A 40 Year Old On Your Breast

And people say he's not sexy.

          Nothing stays the same. There are no good old days. Our memory has the tendency to romanticize the past especially when you feel threatened. Life is change and fighting this is the cause of depression and anxiety. We know things have a beginning, middle and end and yet we fight every little evolution. There is no better place to prove this than in watching a child. Kids change daily. Don’t believe us? Check out a picture of your kid when they were born and look at them now.


          Lee says: When Bobby was born, he was, how do I say this and be nice, not attractive. Bobby was squishy and jaundicy and just a long, fuzzy, noodle baby. By the time he was 4 days old, he was a handsome little guy. Then he got troll-like then, shazzam, he was a cutey! His big eyes and easy personality had everyone cooing over him. Every day was a new look and even 6 years later, he still seems to change, albeit not so drastically.


          Being a parent means dealing with constant change. Some things may be subtle and others are like a kick in the gut. Like when your daughter tries to manipulate you or your child looks at you with anger when you are just keeping them safe. Ungrateful little curs! Our job as parents is truly to grieve our child everyday in one way or another.


          Your child does something cute, you laugh. You have him perform for family, they laugh. A week later, he won’t do it anymore. That spark of spontaneous joy is now gone forever. Like Ricky, who a few months ago would answer any ‘where’ questions with ‘behind you!’ For example: ‘Ricky, where’s Bobby?’ Ricky would answer, without any evidence that he was correct, ‘Behind you!’ This response would freak us out and at the same time would be so cute we would squeal with glee.
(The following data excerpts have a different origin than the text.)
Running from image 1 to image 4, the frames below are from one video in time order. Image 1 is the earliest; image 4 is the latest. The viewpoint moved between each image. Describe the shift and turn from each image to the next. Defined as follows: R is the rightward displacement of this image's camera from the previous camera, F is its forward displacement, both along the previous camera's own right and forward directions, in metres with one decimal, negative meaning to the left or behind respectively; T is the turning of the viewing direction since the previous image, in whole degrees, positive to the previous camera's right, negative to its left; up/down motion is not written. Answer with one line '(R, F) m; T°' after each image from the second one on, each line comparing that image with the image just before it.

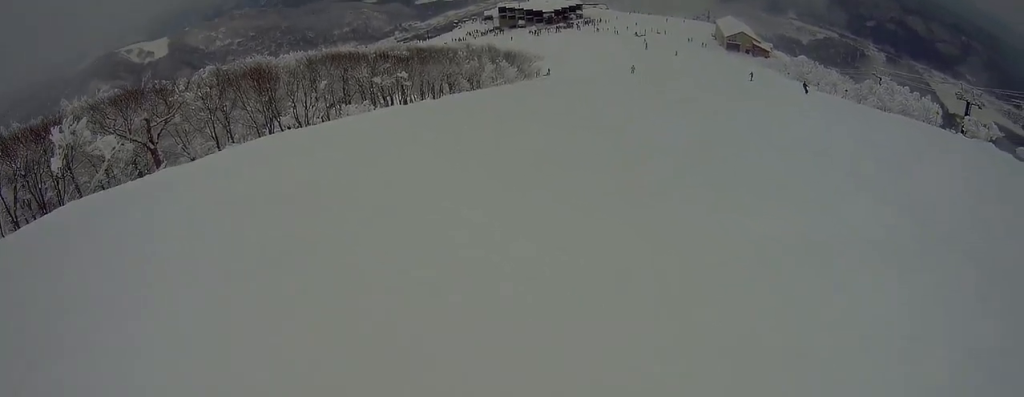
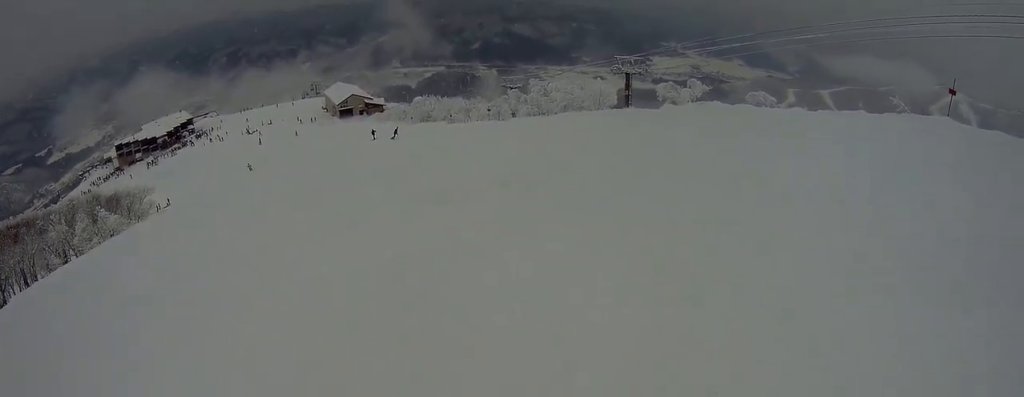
(+3.5, +7.5) m; +20°
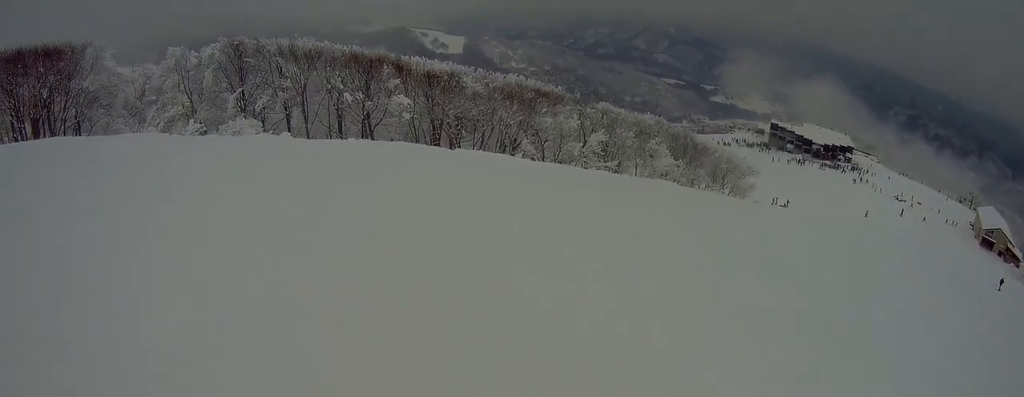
(-6.8, +6.8) m; -64°
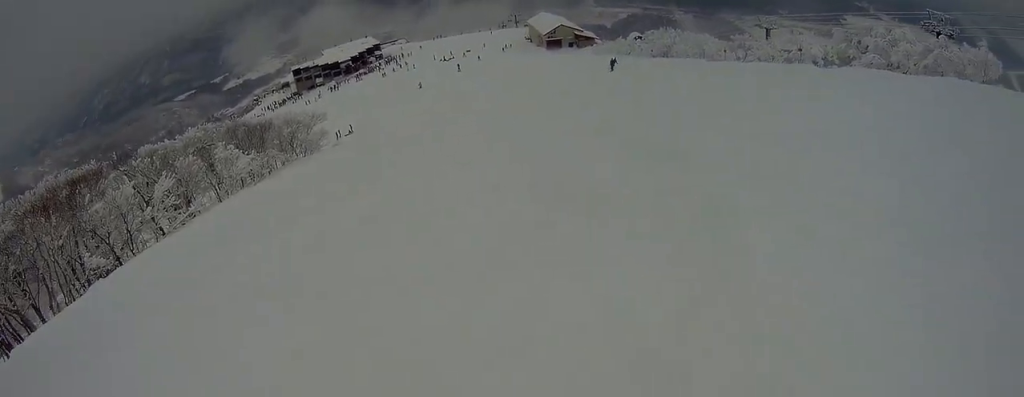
(+1.7, +6.6) m; +35°

Now, if you ask him where something is, he’ll answer ‘Inano’. Said quickly, it sounds like ‘I know’ but there is a slight stutter in the word to suggest a ‘na’ sound. Cute as hell but he’ll stop that soon enough.
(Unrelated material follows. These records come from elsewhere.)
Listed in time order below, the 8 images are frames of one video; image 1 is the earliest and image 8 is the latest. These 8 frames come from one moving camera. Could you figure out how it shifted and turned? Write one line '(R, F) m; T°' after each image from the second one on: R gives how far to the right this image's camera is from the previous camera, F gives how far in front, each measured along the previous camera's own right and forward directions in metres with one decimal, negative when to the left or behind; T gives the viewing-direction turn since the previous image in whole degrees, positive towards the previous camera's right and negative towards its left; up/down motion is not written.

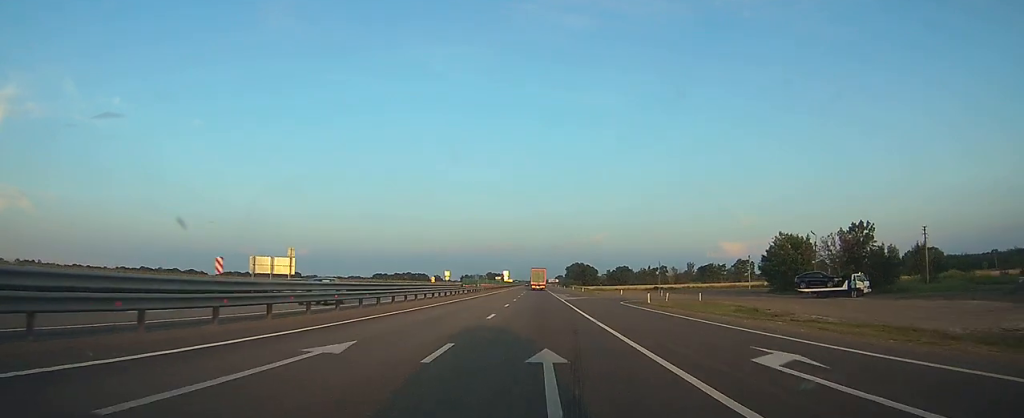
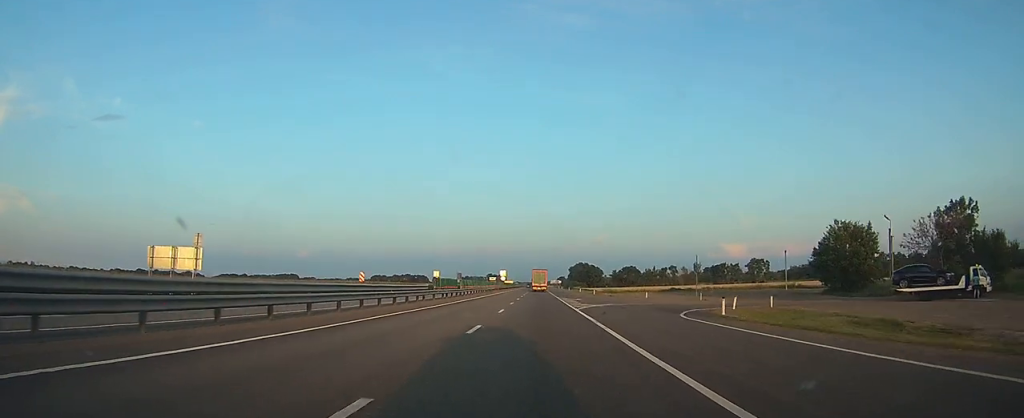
(-0.1, +17.7) m; 0°
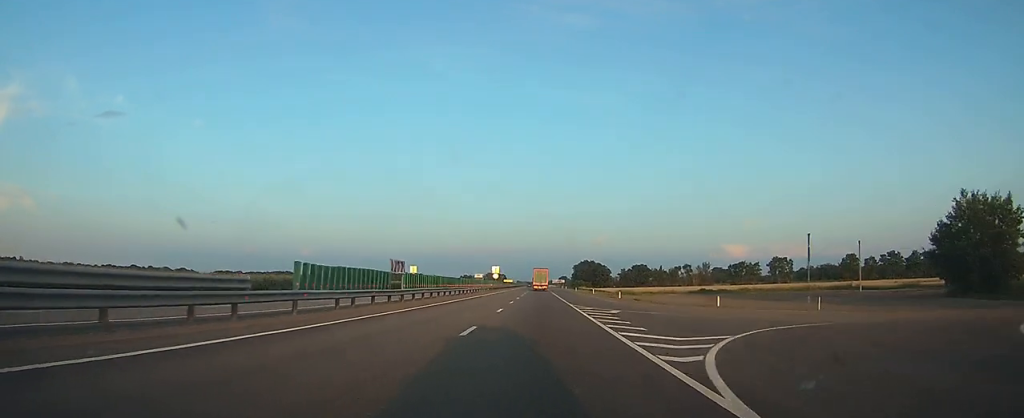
(0.0, +24.9) m; 0°
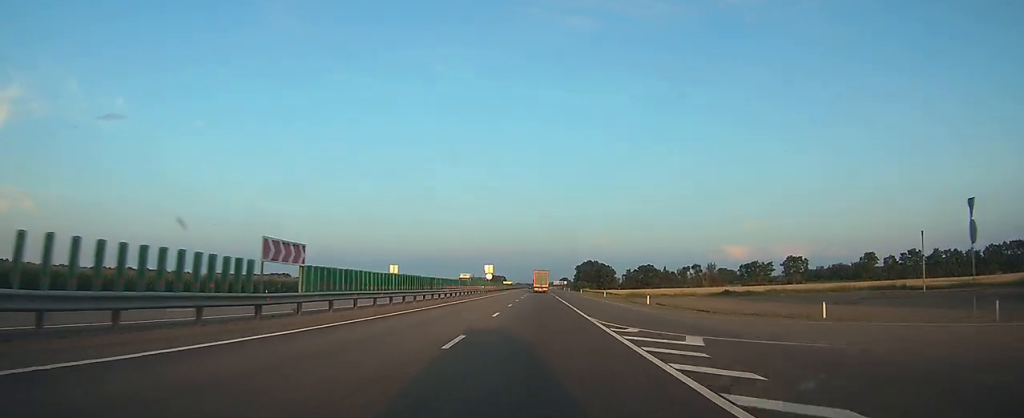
(-0.1, +14.4) m; 0°
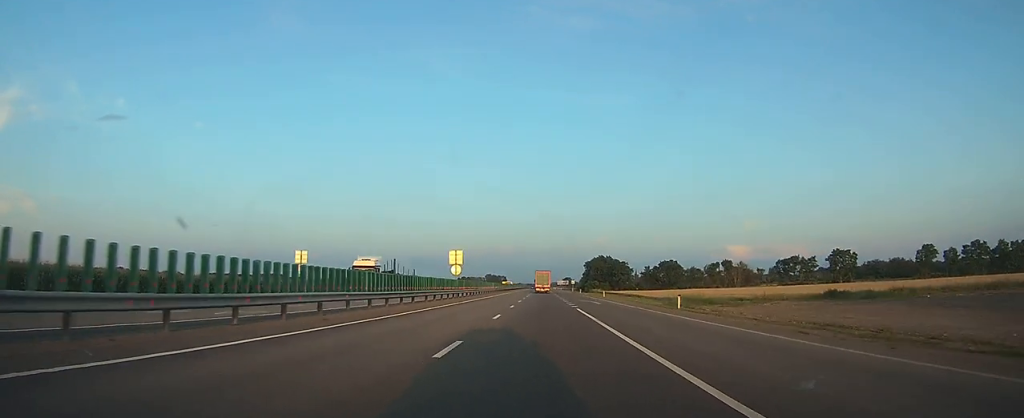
(-0.1, +36.9) m; 0°
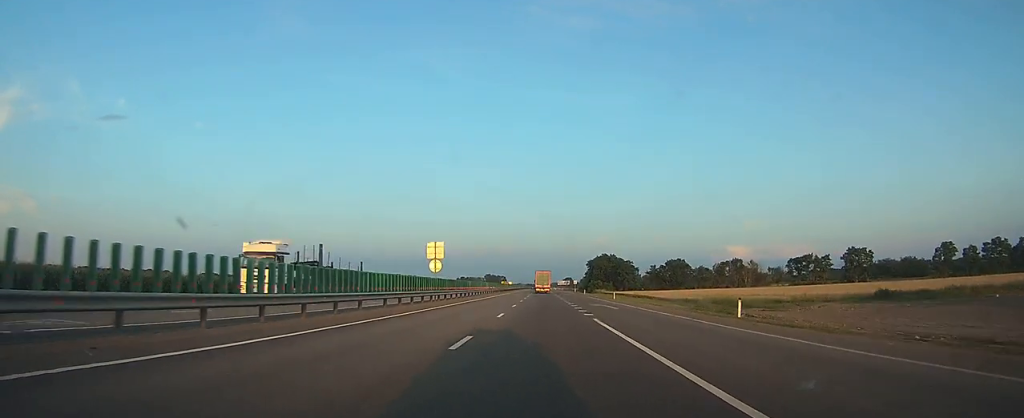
(0.0, +10.4) m; 0°
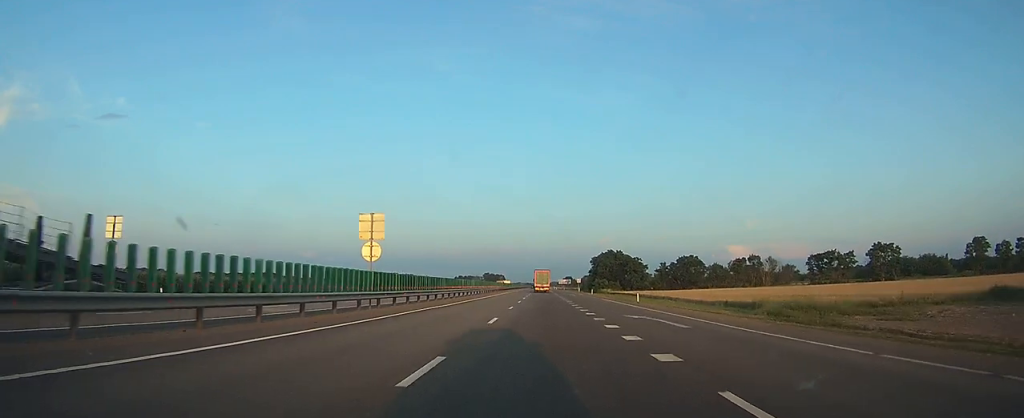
(0.0, +16.1) m; 0°
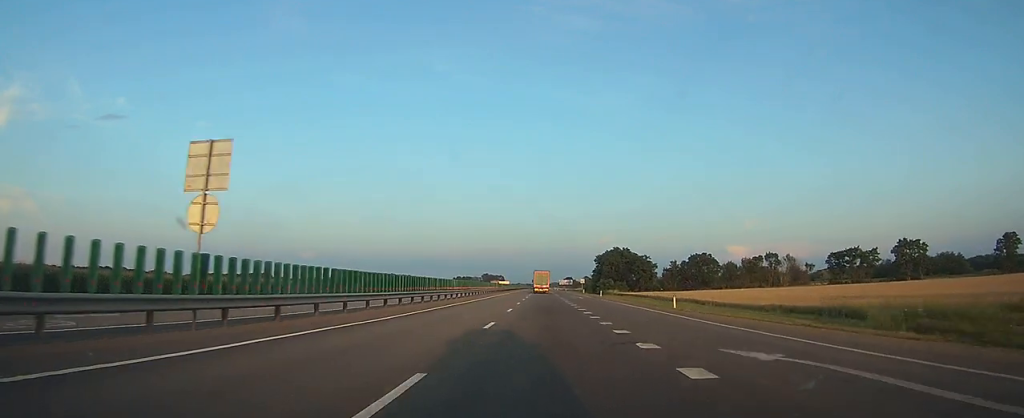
(0.0, +13.6) m; 0°

          For those reading with little ones, these small milestones seem as if they’ll last forever. For those readers with older kids, we know the drill. One day they’ll wake up and have shed that little kid cuteness. Then you’ll lament that you missed it or thought you had more time. This is when we decide to clamp down and not let the kids grow up. You know, treat them like babies. Many parents are guilty of this one.


          Babying an older child is just a recipe for how to make an annoying child. The problem is that you are neglecting to teach them things like responsibility. So, when the time comes that they need to step up and take the reins, they are unable to. Then you become angry with them for not being mature. Why would they be? They have been praised for being babies and maturation is met with shock, fear and grief.


          So what am I saying? I have no idea. Oh yeah, model appropriate behavior to them, don’t baby them, don’t expect them to be able to do something you have avoided teaching them to keep them babied and finally, stop babying them. Let them change. Let them develop. Remember you are raising them for the world and not as your play things. Unless, of course, you want to be burping them when they’re in their 30s.


           Paul says: I really have to start accepting the changes in my kids. With our daughter looking at colleges, it is getting harder and harder to visualize my little wiggly-eyed baby with the giant forehead. OK, her eyes still wiggle but the bangs cover her forehead very nicely. It’s funny but acknowledging the changes in my children is really accepting that I am changing. Father to a baby is very different then dad to a teen. Very different. Very very different.  And, of course, father may get the addendum of father-in-law. And daddy gives way to granddaddy.

          I just stopped breathing. I think I’ll go back to babying my kids.